As you all know, AMD is yet to release the enthusiast SKUs for their graphics card line. The Radeon RX 490 series will be based on a GPU called VEGA 10. We already know that AMD Radeon Technologies G... AMD VEGA Launch Imminent ?
It's ok as far as nobody hype about it. As soon as people start to hype and expect Nvidia slayer, AMD drops ball. Just forget about Vega. Don't hype for AMD.
great This will be the 2nd new architecture in the last 3 years. Polaris and vega both amd Great news
hype The hype wasn't done by amd or their fans. Its was actually done by those wanting to hurt the AMD launch by throwing out unrealistic results knowing full well on release it will hurt it. I new it as it was happening and those doing it must of been laughing because they new the outcome. Pretty idiotic to be honest , Unable to fight clean
not agree, most of the hype were, is, and will be by AMD itself... and the result are always very bad for the product wich is most of the time good. on top of that there is always fan from both side wich talk and make it grow ("who is better the elephant or the hippo?" "if your hippo is heavy, my elephant is 2 ton heavier" "my hippo have multicolor horn that do music in the dark!!! your 2 ton mean nothing".... kind of that you know:stewpid: lol) they should really change their com manager now they have correct driver lol.

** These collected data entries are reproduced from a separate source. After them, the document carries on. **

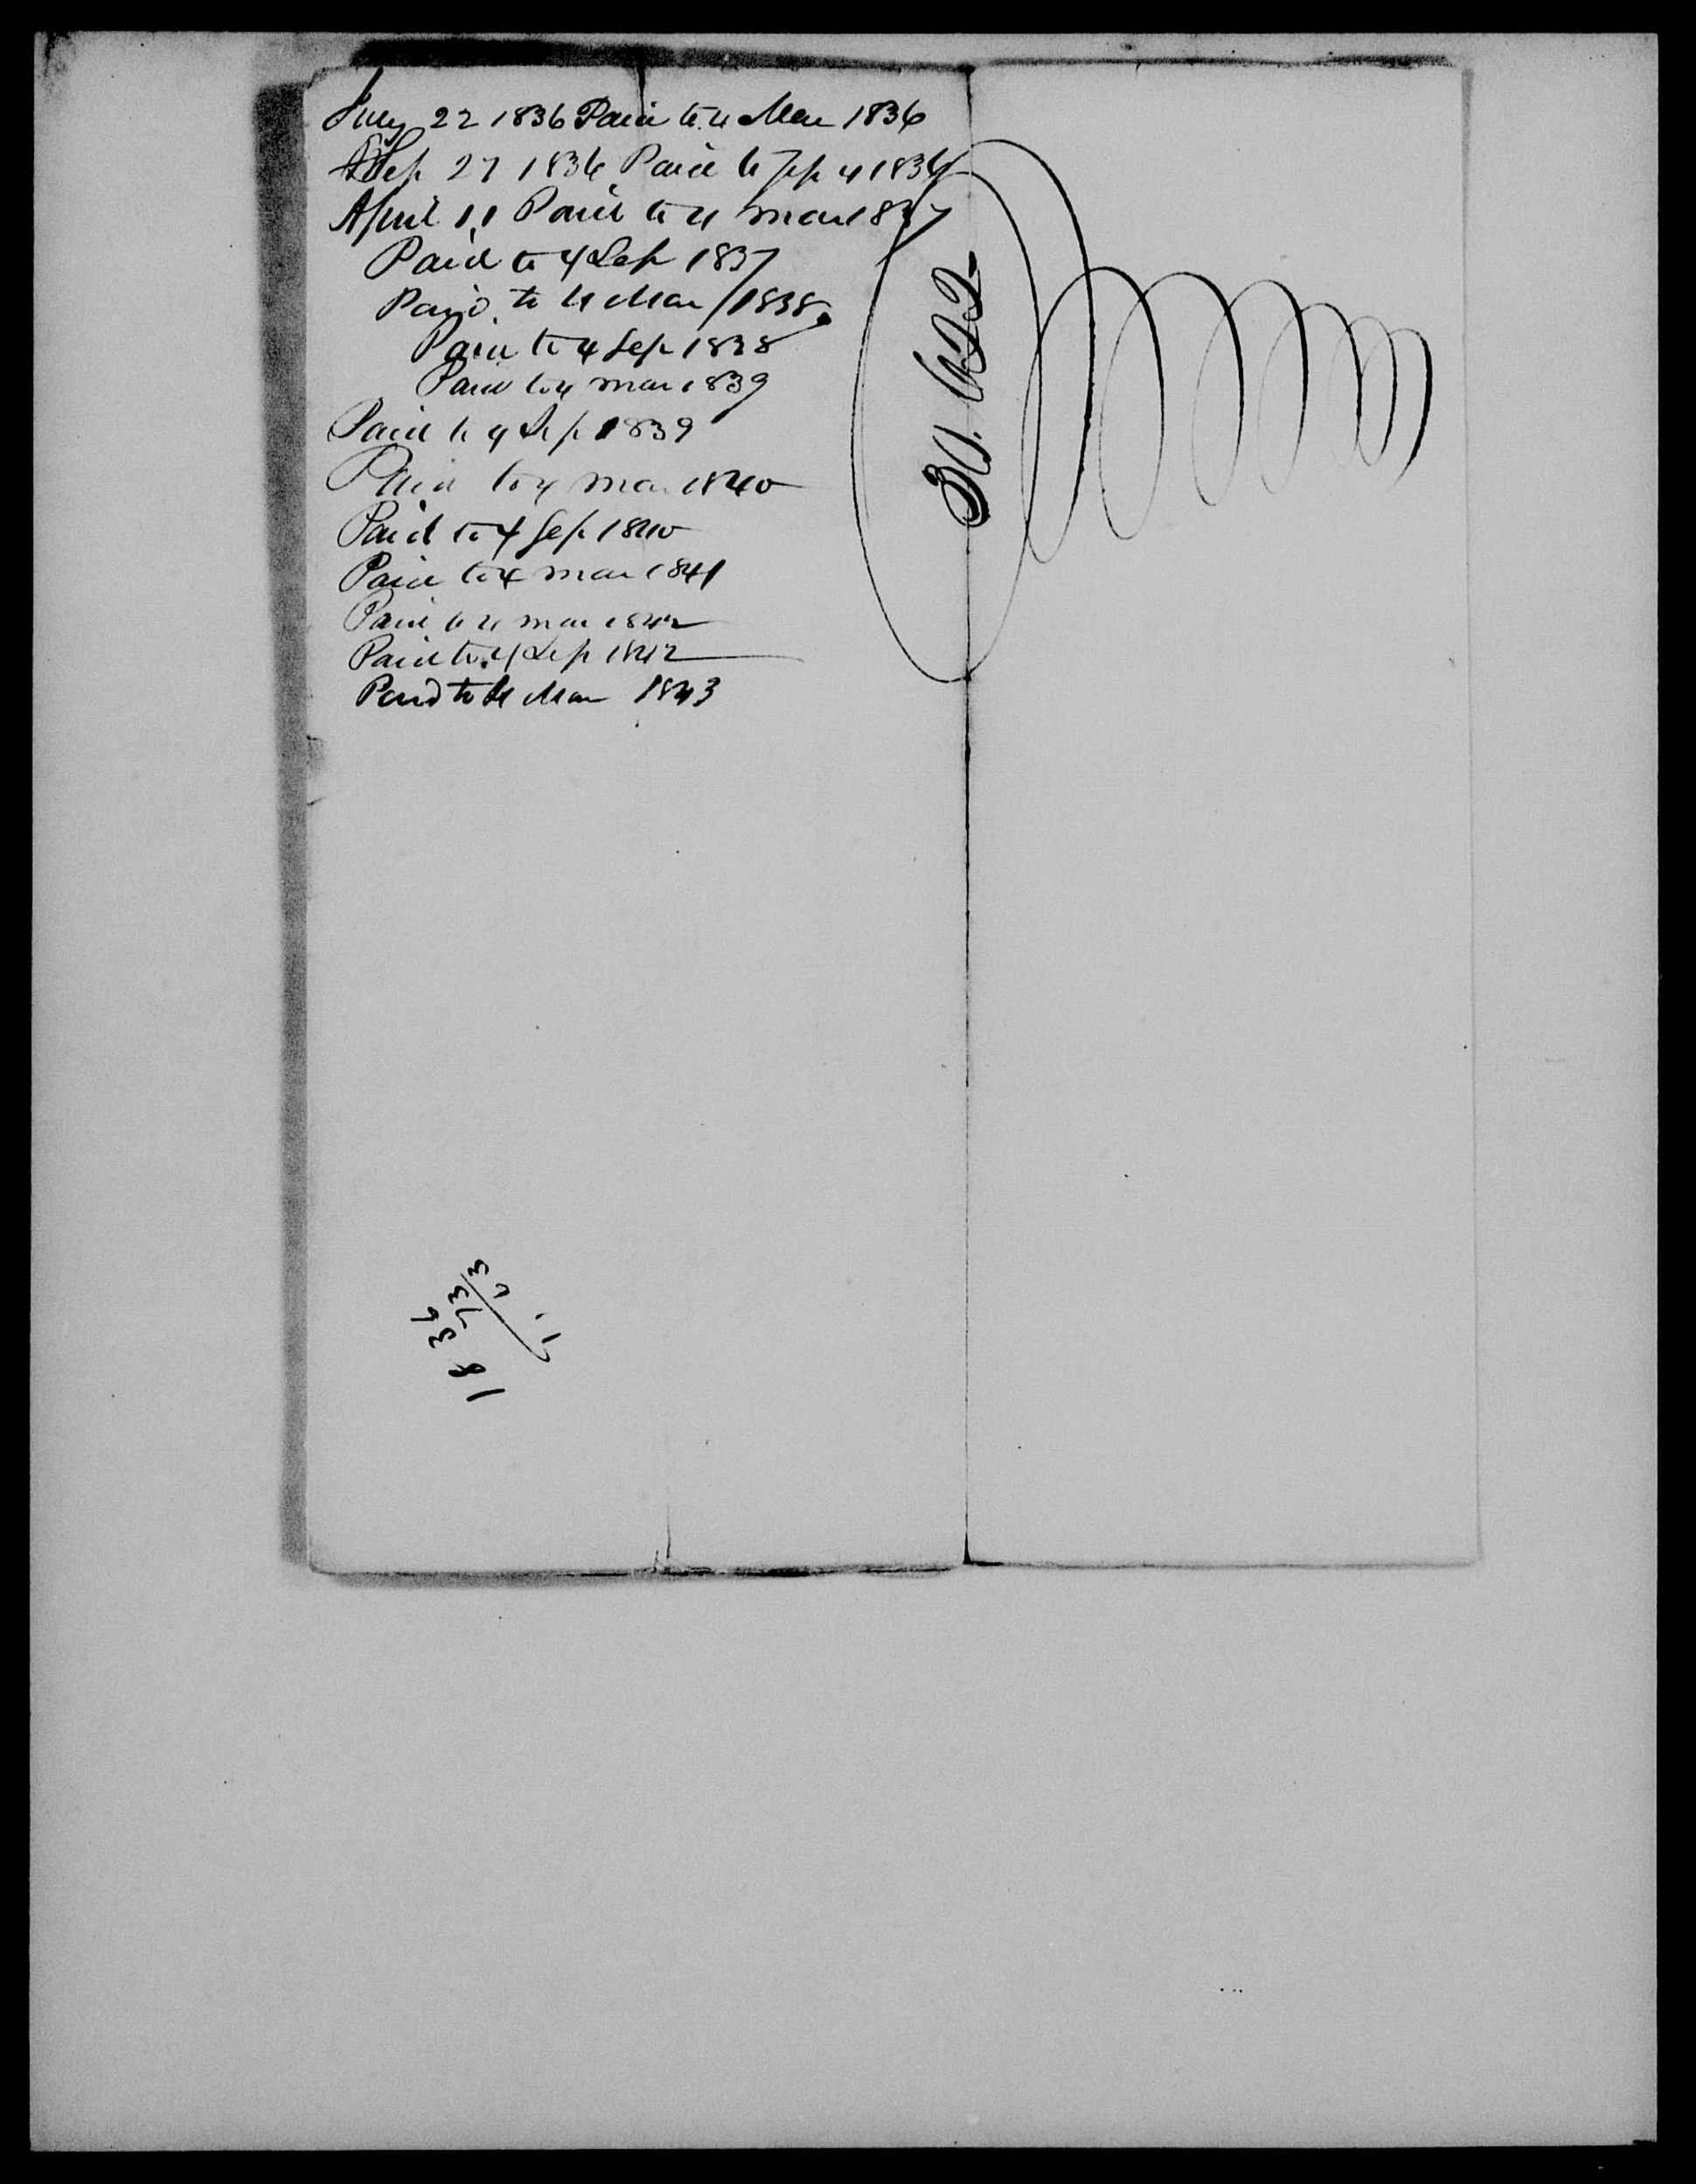July 22 1836 Paid to 4 Mar 1836
Sep 17 1836 paid to Feb 4 1836
April 11 Paid to [illegible] 1837
Paid to 4 Sep 1837
Paid to 4th 1838,
Paid to 4 Sep 1838
Paid to Mar 1839
Paid to 4 Sep 1839
Paid to 4 Mar 1840
Paid to 4 Sep 1840
Paid to Mar 1841
Paid to mar 1842
Paid to 4 Sept 1842
Paid to 4 Mar 1843


30 622

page: 15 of 20
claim: survivor's
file: S. 4911, for Daniel Swayze, New Jersey

Goodies incoming. Atm I am more than happy with the RX480; slapped a AC Turbo 3 on it and works like a charm. Eager to see the new HBM based cards.
There are two Vegas the bigger Vega 10 and the smaller Vega 11. The rumored Vega launching this year likely to be the smaller Vega 11 which competes with GTX 1080/1070. The big Vega 10 in reply to GP102 Titan X Pascal probably release on Q1 2017 at the earliest.
I don't think that AMD have been over-hyping any of their products. The 480 for example, was almost exactly what their official press releases described it as. The hype seems to come from people making outlandish claims from dubious benchmark and specification leaks. I can hope that Vega shows up in October (if only to shut up the whiners. So what if there are no competitors for high-end Pascal, it's not the end of the world so deal with it) But until I read Hilberts review, I will reserve judgment.
I'd find it strange if AMD itself didn't know if they can release a product already this october or only months later in '17. It makes little sense they would have been telling 2017 if they are releasing it already in a couple of months. Some people who didn't want to wait no doubt went for 1070/1080, but they might have waited if it was only october.
That is exactly why i moved to nVidia this time around. Was waiting and waiting and waiting on AMD for something to replace by 2x OC R9 280x's, and a little bit more, and gave up. I'll see whats on the market from AMD this time next year, maybe they have a better product then. :3eyes:
I have to disagree slightly. AMD already have their own version of DSR called VSR which effectively does the same thing. AMD cards are showing strong results (currently at least) in DX12 and Vulkan API titles - I realise these are few and far between but the current GCN architecture does seem better suited for asynchronous compute tasks (with Ashes of the Singularity, Hitman and Doom providing some examples) and therefore potentially has better 'future proofing' if games adopt this approach more and more. I'd personally take that over Gameworks features, PhysX (which tends to be framerate sapping, niche and often poorly implemented) and additional features such as Ansel which I would never use myself. I think people have been burnt before with AMD products (and not just GPUs - look at Bulldozer on the CPU side for example) not meeting expectations and rather see why the finished product is actually capable of before jumping to conclusions. I too fell victim to the RX480 hype train that it'd be GTX 980 / Fury levels of performance for $200 even though AMD never stated it would be at that level. AMD did exactly what the set out to do (and said the high-end was coming later this time around). The only slight disappoint is that I expected it to use less power than it does (again, we need to remember it is still a big improvement over the previous generation) and the sheer lack of overclocking headroom, even on the 8-pin custom RX480 solutions was frustrating for me. Still, one can hope that it was a limitation of the Polaris architecture that held back potential overclocking headroom rather than an inherent trait of the Global Foundaries / Samsung 14nm process... Time will tell anyway - I'm more excited that they are quoting 'Vega' rather than a dual-GPU Polaris board which I would (will?) steer clear of personally - I've lost my faith in multiple GPU solutions at the moment (both SLI and Crossfire).
Vega 11 is big Vega - Vega 10 is small Vega. The numbers swap for Vega. Max frequency is more related to path optimization then the process. The problem is the best optimization is done by manually, by physical process/design engineers. It's been mentioned before by Anandtech that AMD simply can't afford to hire the people necessary to do that type of work in their CPU division, I'm sure the case is the same with their GPUs.